Paul Langerhans Institute Dresden (PLID) of Helmholtz Zentrum München at the University Clinic Carl Gustav Carus of Technische Universität Dresden, Helmholtz Zentrum München, München-Neuherberg, Germany.
German Center for Diabetes Research (DZD), München-Neuherberg, Germany.
Mol Metab. 2017 Jul 8;6(9):943-957. doi: 10.1016/j.molmet.2017.06.019. eCollection 2017 Sep.
Plasma insulin levels are predominantly the product of the morphological mass of insulin producing beta cells in the pancreatic islets of Langerhans and the functional status of each of these beta cells. Thus, deficiency in either beta cell mass or function, or both, can lead to insufficient levels of insulin, resulting in hyperglycemia and diabetes. Nonetheless, the precise contribution of beta cell mass and function to the pathogenesis of diabetes as well as the underlying mechanisms are still unclear. In the past, this was largely due to the restricted number of technologies suitable for studying the scarcely accessible human beta cells. However, in recent years, a number of new platforms have been established to expand the available techniques and to facilitate deeper insight into the role of human beta cell mass and function as cause for diabetes and as potential treatment targets.
This review discusses the current knowledge about contribution of human beta cell mass and function to different stages of type 1 and type 2 diabetes pathogenesis. Furthermore, it highlights standard and newly developed technological platforms for the study of human beta cell biology, which can be used to increase our understanding of beta cell mass and function in human glucose homeostasis.
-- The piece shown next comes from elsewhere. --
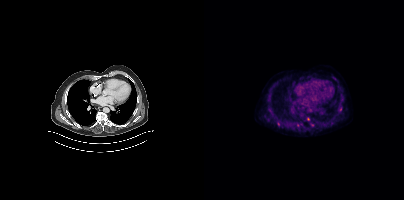
Two-panel axial: CT | PSMA PET, 18F-PSMA tracer. Slice 265 of 411. PET panel 200×200 px (4.1 mm/px). Coordinates are on the 200×200 PET (right) panel. (showing 4 of 5 foci) Small PSMA-avid foci (2 to 4 px across) near (center x, center y): (74, 123); (104, 118); (137, 108); (108, 124).

In contrast to early disease models, recent studies suggest that in type 1 and type 2 diabetes impairment of beta cell function is an early feature of disease pathogenesis while a substantial decrease in beta cell mass occurs more closely to clinical manifestation. This suggests that, in addition to beta cell mass replacement for late stage therapies, the development of novel strategies for protection and recovery of beta cell function could be most promising for successful diabetes treatment and prevention. The use of today's developing and wide range of technologies and platforms for the study of human beta cells will allow for a more detailed investigation of the underlying mechanisms and will facilitate development of treatment approaches to specifically target human beta cell mass and function.
血浆胰岛素水平主要是胰岛 Langerhans 中胰岛素产生β细胞的形态质量和这些β细胞的功能状态的产物。因此,β细胞质量或功能的缺乏,或两者兼而有之,都会导致胰岛素水平不足,导致高血糖和糖尿病。尽管如此,β细胞质量和功能对糖尿病发病机制的精确贡献以及潜在机制仍不清楚。在过去,这主要是由于适合研究难以接近的人类β细胞的技术数量有限。然而,近年来,已经建立了许多新平台来扩展可用技术,并促进对人类β细胞质量和功能作为糖尿病病因以及作为潜在治疗靶点的作用的更深入了解。
本文讨论了目前关于人类β细胞质量和功能对 1 型和 2 型糖尿病发病机制不同阶段的贡献的知识。此外,它还强调了用于研究人类β细胞生物学的标准和新开发的技术平台,这些平台可用于增加我们对人类葡萄糖稳态中β细胞质量和功能的理解。
与早期疾病模型相反,最近的研究表明,在 1 型和 2 型糖尿病中,β细胞功能的损害是疾病发病机制的早期特征,而β细胞质量的显著下降则更接近临床表现。这表明,除了晚期治疗的β细胞质量替代外,开发保护和恢复β细胞功能的新策略对于成功的糖尿病治疗和预防可能最有希望。使用当今发展和广泛的技术和平台研究人类β细胞将允许更详细地研究潜在机制,并促进针对人类β细胞质量和功能的治疗方法的开发。